Mel Frequency Cepstral Coefficients (MFCC) have been the standard for voice parameterization over the last ten years. Such parameterization scheme works fine in speech recognition given its reduced size and its effectiveness to capture the most essential features of a speech signal.
For synthesis on the other hand, MFCC do not seem to create a convincing voice model on the long term. The author and colleagues investigated such aspect through Mean Opinion Score (MOS) tests, were the listeners had to grade from 0 to 5 phrases produced on the first place by a human speaker followed by a synthesized version of the same phrase using MFCC as speech parameterization (Franco, et. Al. 2016). The results were above the average in both intelligibility and naturalness (3.44 and 3.07 respectively) but it proves that room for improvement exists.
A new study took place (Franco, Herrera 2016). For this study, a different parameterization was included and compared to the previous study where MFCC were used. The chosen parameterization was Linear Spectral Pair (LSP), the theory behind it can be found in a paper by McLoghlin (2008). The authors decided to test it for two main reasons: First, LSP is based on the Linear Predictive Coding (LPC) voice parameterization which models the human vocal tract as a filter. The spectra obtained based on vocal tract models tend to resemble natural speech remarkably. The second reason to use it, comes from its high compatibility with the synthesizer used by the authors which is based on the work of Tokuda and colleagues: Hidden Markov Models as Text to Speech synthesis HTS. That system is pre-programmed with a general parametrization which can be decomposed in both MFCC and LSP (Tokuda, et. al. 1994).
The results from that study averaged 3.4 in naturalness and 3.6 in intelligibility, the numbers are close to those obtained with the MFCC parameterization but the variance found in the grades given by the listeners in the LSP study is much less than the variance found in the MFCC study. This shows that the opinions among the LSP study listeners are much more consistent, therefore the quality of the synthesis is better in general.

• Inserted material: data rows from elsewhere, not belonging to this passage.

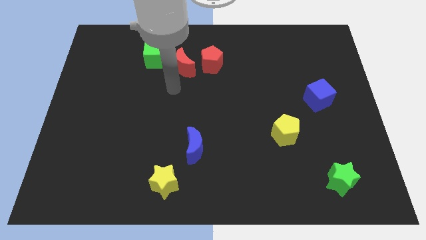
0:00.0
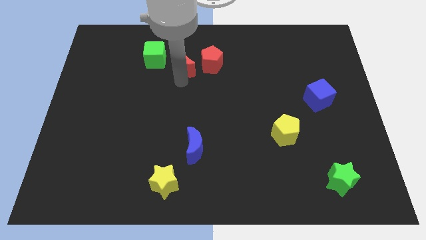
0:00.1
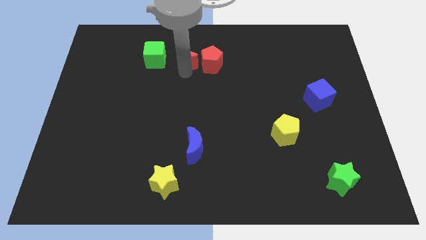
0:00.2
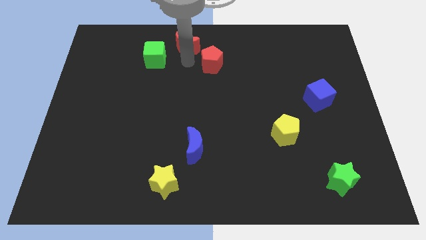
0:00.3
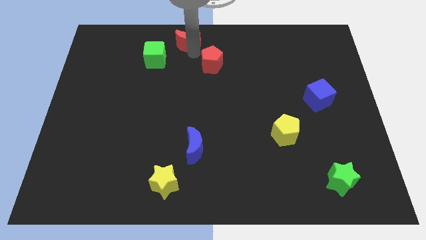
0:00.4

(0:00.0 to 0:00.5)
move the red pentagon away from the red moon

Another conducted test was to input the synthesized speech in a Recognition system for forensics application. It was then compared with the original speaker whose voice the system was based on. It showed 0.0072 between original speech and synthesized speech. The closer the distance is to zero, the closer is the synthesis to an ideal case where no difference would appear between artificial and natural speech.
In terms of size LSP speech parameterization files are smaller than MFCC parameterization files this reduction can be important in terms of data transferring and data storing economization.

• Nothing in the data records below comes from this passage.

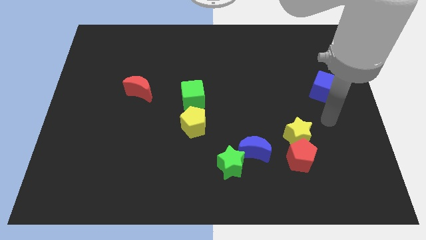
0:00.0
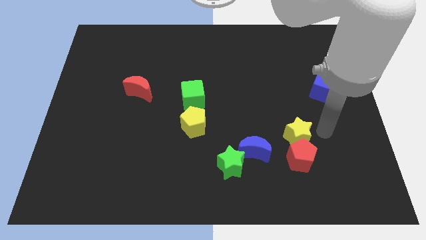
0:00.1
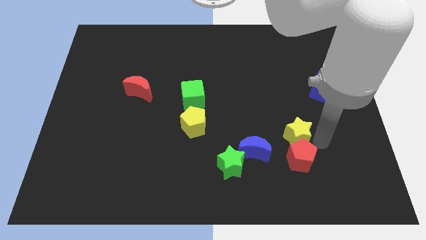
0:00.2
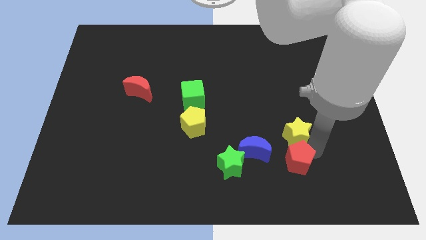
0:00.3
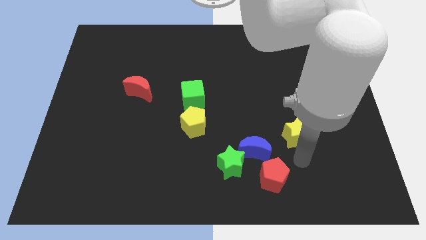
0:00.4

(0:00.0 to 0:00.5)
pull the yellow star apart from the red pentagon

The authors consider LSP speech parameterization as a new standard in future studies in Laboratorio de Tecnologías del Habla FI UNAM.
References
Franco, C., Herrera Camacho, A. and Del Rio Avila, F. “Conference Proceedings: Speech Synthesis of Central Mexico Spanish using Hidden Markov Models” Athens: ATINER´S Conference paper Series, No: COM2016-2071, 3-12, 2016, Athens Institute for Education and Research
Franco Galván, Carlos Angel. Herrera Camacho, José Abel. Del Río Ávila, Fernando. “Conference Proceedings: Síntesis de Voz en Español hablado en el Centro de México Utilizando MFCC´s y LSP´s” IEEE ROC&C , 2016
McLoughlin, I. V. (2008). Line spectral pairs. Signal processing, 88(3), 448-467.
Tokuda, K., Kobayashi, T., Masuko, T., & Imai, S. (1994, September). Mel-generalized cepstral analysis-a unified approach to speech spectral estimation. In ICSLP (Vol. 94, pp. 18-22).